Trade deficit widened in the First quarter of this year to $784.3 million compared to the $274.0 million recorded during the fourth quarter of 2017 according to the Reserve Bank of Zimbabwe (RBZ) quarterly economic review.
The review also says the trade balance also worsened by 85.3% on a year on year basis, from deficit of US$423.1 million in the first quarter of 2017, to deficit of 784.3 million in the first quarter of 2018.
“The recurrent trade deficits pose significant challenges as the country continues to rely on export revenues to generate liquidity to support domestic economic activity,” the review says.
“In this regard, the need to attract both domestic and foreign investment to rejuvenate industry, make significant competitiveness gains and generate adequate foreign exchange buffers to cushion the economy from external vulnerabilities, remains integral to economic revival efforts.”
Trade deficit worsened despite a 4.5% increase on the merchandised exports from US$848.0 million realised in 2017 first quarter to US$886.1 million of the same period in 2018.
“The increase in exports was mainly driven by improved gold deliveries to Fidelity Printers and Refineries, and hence higher gold export volumes,” RBZ said.
“Compared to the fourth quarter of 2017, exports declined by 27.9% in the first quarter of 2018, largely on account of declines in tobacco and nickel exports.”
The review says gold, ferrochrome, flue-cured tobacco, nickel and platinum dominated the country’s exports, contributing about 81.4% of export earnings during the first quarter of 2018.

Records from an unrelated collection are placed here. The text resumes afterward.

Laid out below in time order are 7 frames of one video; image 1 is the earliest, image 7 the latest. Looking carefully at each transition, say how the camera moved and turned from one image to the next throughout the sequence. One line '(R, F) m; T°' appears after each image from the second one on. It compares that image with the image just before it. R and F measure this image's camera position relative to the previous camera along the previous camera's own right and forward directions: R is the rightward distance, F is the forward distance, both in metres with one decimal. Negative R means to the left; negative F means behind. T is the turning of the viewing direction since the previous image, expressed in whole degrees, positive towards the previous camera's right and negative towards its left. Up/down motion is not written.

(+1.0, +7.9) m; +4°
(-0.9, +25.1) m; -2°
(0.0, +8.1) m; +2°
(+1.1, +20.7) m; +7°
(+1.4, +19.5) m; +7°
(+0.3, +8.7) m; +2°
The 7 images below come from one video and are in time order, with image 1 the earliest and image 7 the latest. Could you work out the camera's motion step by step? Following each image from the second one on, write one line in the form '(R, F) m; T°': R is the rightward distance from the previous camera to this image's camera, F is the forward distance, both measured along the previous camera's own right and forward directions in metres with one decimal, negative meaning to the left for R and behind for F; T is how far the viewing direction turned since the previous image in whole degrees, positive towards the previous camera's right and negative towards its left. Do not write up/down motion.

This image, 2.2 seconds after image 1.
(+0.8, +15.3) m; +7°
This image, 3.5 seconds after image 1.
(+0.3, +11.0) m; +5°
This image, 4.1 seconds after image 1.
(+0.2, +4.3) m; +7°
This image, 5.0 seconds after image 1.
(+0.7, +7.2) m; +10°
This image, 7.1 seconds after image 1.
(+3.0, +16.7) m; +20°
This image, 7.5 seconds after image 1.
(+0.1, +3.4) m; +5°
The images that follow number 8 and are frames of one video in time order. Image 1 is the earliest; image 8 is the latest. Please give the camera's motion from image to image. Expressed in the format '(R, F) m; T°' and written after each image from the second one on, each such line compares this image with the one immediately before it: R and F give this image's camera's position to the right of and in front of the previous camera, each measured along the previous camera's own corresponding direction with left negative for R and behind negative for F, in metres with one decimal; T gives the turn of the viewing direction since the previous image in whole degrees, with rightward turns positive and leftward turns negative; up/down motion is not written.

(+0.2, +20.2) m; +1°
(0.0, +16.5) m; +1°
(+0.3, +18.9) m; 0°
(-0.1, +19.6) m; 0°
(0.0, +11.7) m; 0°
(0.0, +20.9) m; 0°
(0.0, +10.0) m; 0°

Total merchandise imports amounted to US$1,670.3 million, during the first quarter of 2018, a 31.4% increase from US$1,271.1 million realized over the comparative period in 2017.
“The country’s import bill was mainly composed of energy imports (diesel, petrol, aviation spirit and electricity), food, medicines and fertilizers,” RBZ says.
“On a quarter-on-quarter basis, merchandise imports increased by 11.1% to US$1,670.3 million during the first quarter of 2018, from US$1,503.7 million recorded in the fourth quarter of 2017.”
“The increase was largely due to higher imports of fertilizer, unleaded petrol, rice and wheat,” says the quarterly review.
RBZ has been encouraging more exports to boost foreign currency, which is scarce in the country.
The country’s major imports during the period from January to March 2018 comprised cereals (maize, rice, and wheat), energy (diesel, petrol and electricity), medicines and fertilizers according to RBZ.